1. A strip having serially spaced apart electrical terminals along the length of the strip and projecting transversely of the length of the strip, and further comprising,

wire terminating means having first sets of wire terminating slots aligned along a first axis along the length of the strip, and having second sets of wire terminating slots aligned along a second axis along the length of the strip and offset from the first axis,

an offset mirror image segment of said strip offset along the length of said strip,

first spaces between adjacent said first sets of wire terminating slots of said strip,

respective first sets of wire terminating slots of said offset mirror image segment of said strip fitting into corresponding said first spaces,

second spaces between adjacent said second sets of wire terminating slots of said strip,

respective second sets of wire terminating slots of said offset mirror image segment of said strip fitting into corresponding said second spaces,

third spaces between adjacent terminals of said strip,

and terminals projecting alternately from said strip and from said offset mirror image segment of said strip are provided by respective said terminals of said offset mirror image segment of said strip in alignment with said third spaces.

2. A strip as recited in claim 1, wherein said first sets of wire terminating slots are opposite corresponding said second spaces.

3. A strip as recited in claim 1, wherein said second sets of wire terminating slots are opposite corresponding said first spaces.

4. A strip as recited in claim 1, wherein said first sets of wire terminating slots are opposite corresponding said second spaces, and said second sets of wire terminating slots are opposite corresponding said first spaces.

5. An electrical connector, comprising,

a first insulative block supporting a strip having serially spaced apart electrical terminals along the length of the strip and projecting transversely of the length of the strip,

wire terminating means on said strip having first sets of wire terminating slots aligned along a first axis along the length of the strip, said wire terminating means having second sets of wire terminating slots aligned along a second axis along the length of the strip and offset from the first axis,

a second insulative block supporting an offset mirror image segment of said strip offset along the length of said strip,

first spaces between adjacent said first sets of wire terminating slots of said strip,

respective first sets of wire terminating slots of said offset mirror image segment of said strip fitting into corresponding said first spaces,

second spaces between adjacent said second sets of wire terminating slots of said strip,

respective second sets of wire terminating slots of said offset mirror image segment of said strip fitting into corresponding said second spaces,

third spaces between adjacent terminals of said strip,

and terminals projecting alternately from said strip and from said offset mirror image segment of said strip are provided by respective said terminals of said offset mirror image segment of said strip in alignment with said third spaces.

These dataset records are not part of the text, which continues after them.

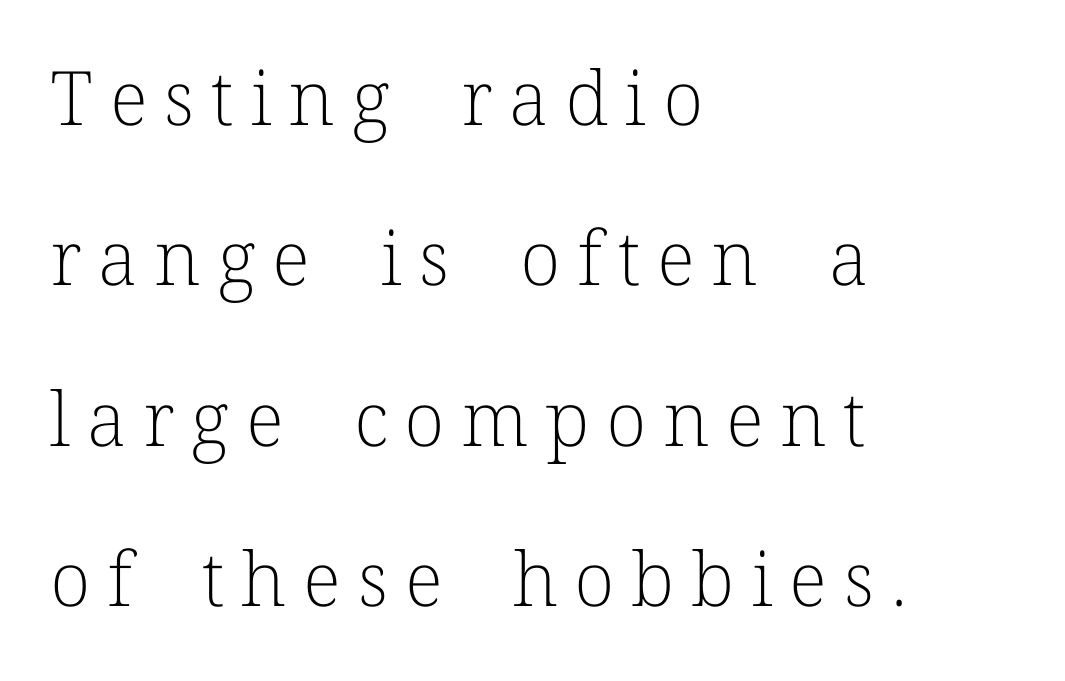
The image shows 75 px light serif type, upright; set left-aligned, loose line spacing (2.14x), unusually wide letter spacing (+0.22 em), not underlined; low stroke contrast and a medium x-height.
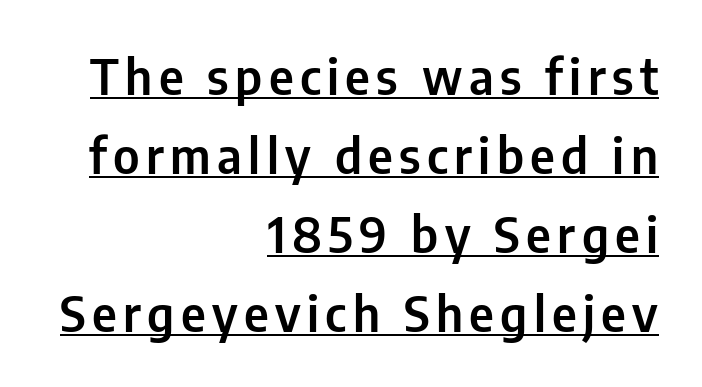
The image shows 49 px condensed sans-serif type, upright; set right-aligned, normal line spacing (1.61x), underlined; low stroke contrast and a medium x-height.
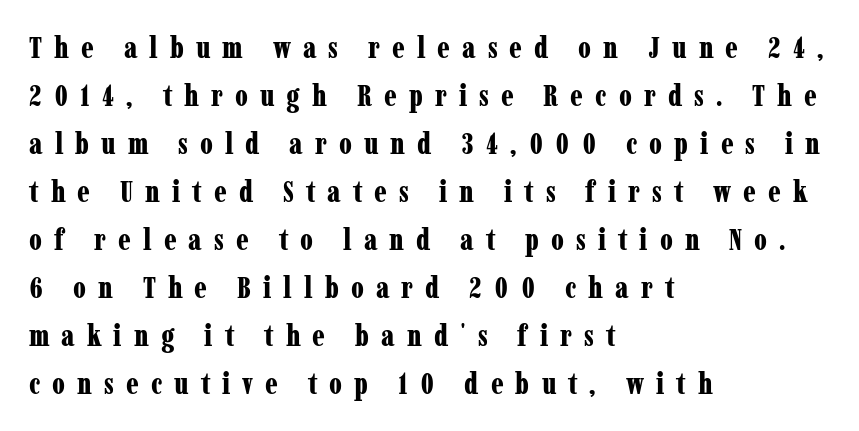
{"serif": "yes", "italic": "no", "bold": "yes", "weight": "bold", "width": "condensed", "stroke_contrast": "low", "x_height": "medium", "monospaced": "no", "underline": "no", "align": "left", "line_spacing": "normal", "line_spacing_ratio": 1.6, "letter_spacing": "wide", "letter_spacing_em": 0.4, "glyph_px": 30}
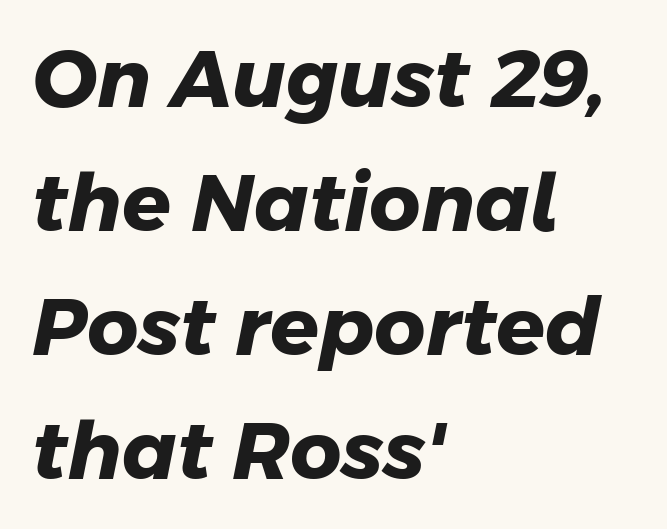
Q: Is the text bold? A: Yes.
Q: Is the typeface a serif or a sans-serif typeface? A: Sans-serif.
Q: Is the text underlined? A: No.
Q: How is the paragraph aligned? A: Left-aligned.
Q: Is the spacing between letters normal or unusually wide? A: Normal.
Q: Is the spacing between lines tight, normal or loose? A: Normal.
Q: Width (condensed, normal, or wide)? A: Normal.
Q: Stroke contrast? A: Low.
Q: x-height? A: Medium.
Q: Monospaced? A: No.
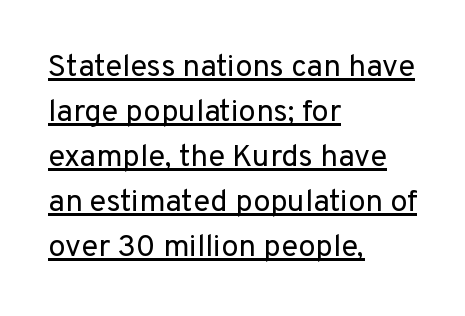
The image shows 31 px regular-weight sans-serif type, upright; set left-aligned, normal line spacing (1.45x), normal letter spacing, underlined; low stroke contrast and a medium x-height.
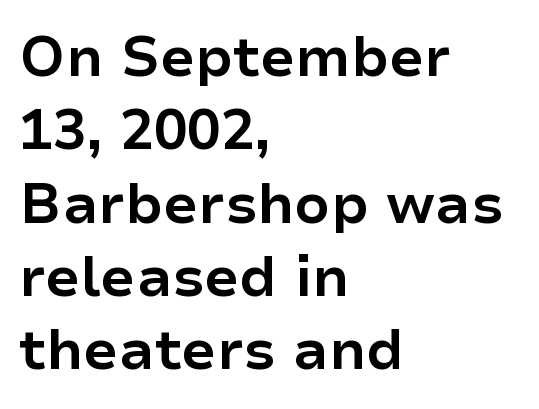
This rendering uses left alignment, leaving the right contour irregular. The font family rendered here belongs to the sans-serif group. The letters advance in unequal steps, a hallmark of proportional type. The rows are spaced the way most documents space them. Anything drawn beneath the words? Only blank space.
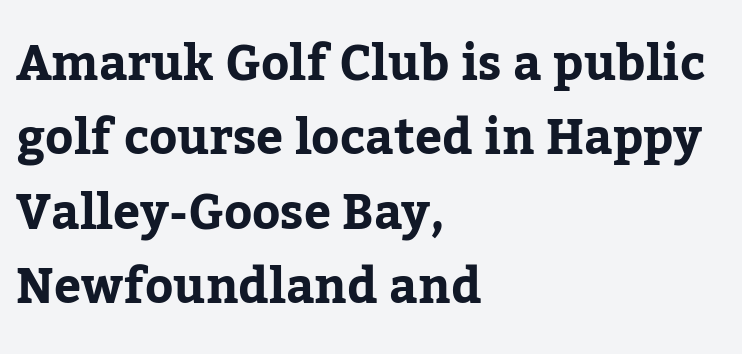
Q: Is the text bold? A: Yes.
Q: Is the text italic (slanted)? A: No, it is upright.
Q: Is the typeface a serif or a sans-serif typeface? A: Serif.
Q: Is the text underlined? A: No.
Q: How is the paragraph aligned? A: Left-aligned.
Q: Is the spacing between letters normal or unusually wide? A: Normal.
Q: Is the spacing between lines tight, normal or loose? A: Normal.
Q: Width (condensed, normal, or wide)? A: Normal.
Q: Stroke contrast? A: Low.
Q: x-height? A: Medium.
Q: Monospaced? A: No.
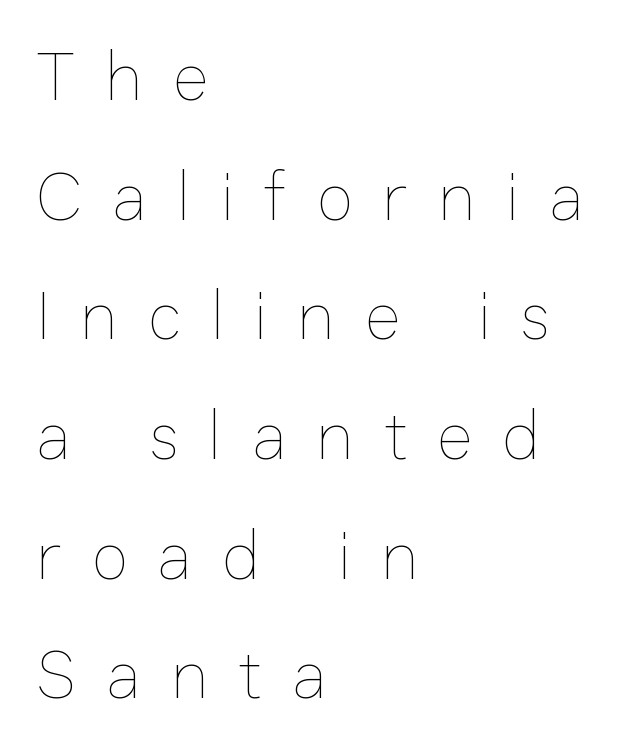
Q: Is the text bold? A: No.
Q: Is the text italic (slanted)? A: No, it is upright.
Q: Is the text underlined? A: No.
Q: How is the paragraph aligned? A: Left-aligned.
Q: Is the spacing between letters normal or unusually wide? A: Unusually wide.
Q: Width (condensed, normal, or wide)? A: Normal.
Q: Stroke contrast? A: Low.
Q: x-height? A: Medium.
Q: Monospaced? A: No.
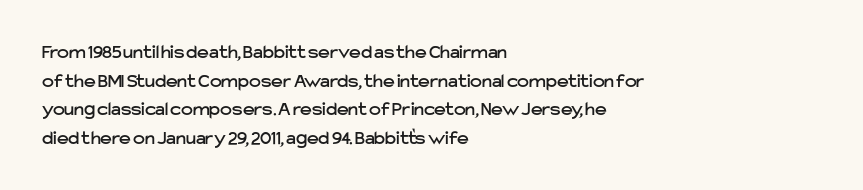
The image shows 20 px text type, upright; set left-aligned, normal line spacing (1.43x), normal letter spacing, not underlined.
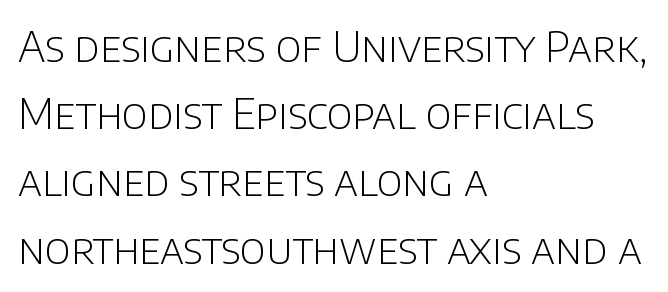
The letters advance in unequal steps, a hallmark of proportional type. Type without underlining. Posture: vertical. Heft: none added — not bold. Every row of glyphs begins at an identical x-position on the left. Examine the stroke ends and you'll find no serifs.
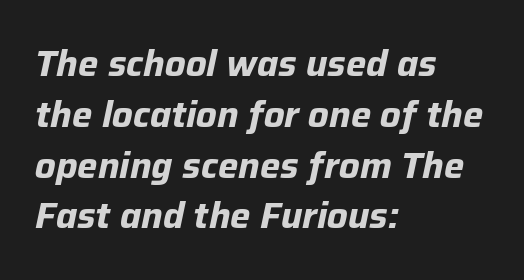
Character widths vary here, with narrow letters taking less room than wide ones. The typesetter chose a ragged-right arrangement here. A dark, heavy texture on the line: the type is bold. The font's italic variant was chosen for this text. The passage shown has conventional tracking throughout.
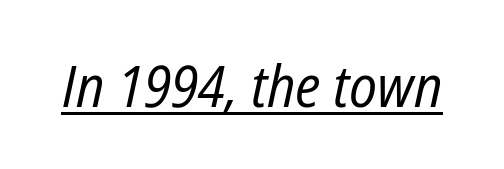
The image shows 58 px regular-weight, condensed type, italic (leaning right); set normal letter spacing, underlined; low stroke contrast and a medium x-height.
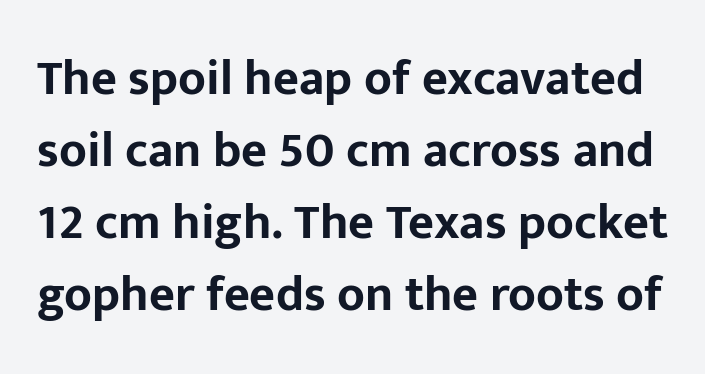
Upright lettering throughout. The passage shown is typed in a proportional face where columns would drift. The font family rendered here belongs to the sans-serif group. In terms of weight, the rendering is a true, heavy bold. A clean baseline with only descenders dipping below it.

6. An electrical connector as recited in claim 5, wherein said offset mirror image segment of said strip is divided into portions electrically isolated from one another.

7. An electrical connector as recited in claim 5, wherein said first sets of wire terminating slots are opposite corresponding said second spaces.

8. An electrical connector as recited in claim 5, wherein said second sets of wire terminating slots are opposite corresponding said first spaces.

9. An electrical connector as recited in claim 5, wherein said first sets of wire terminating slots are opposite corresponding said second spaces, and said second sets of wire terminating slots are opposite corresponding said first spaces.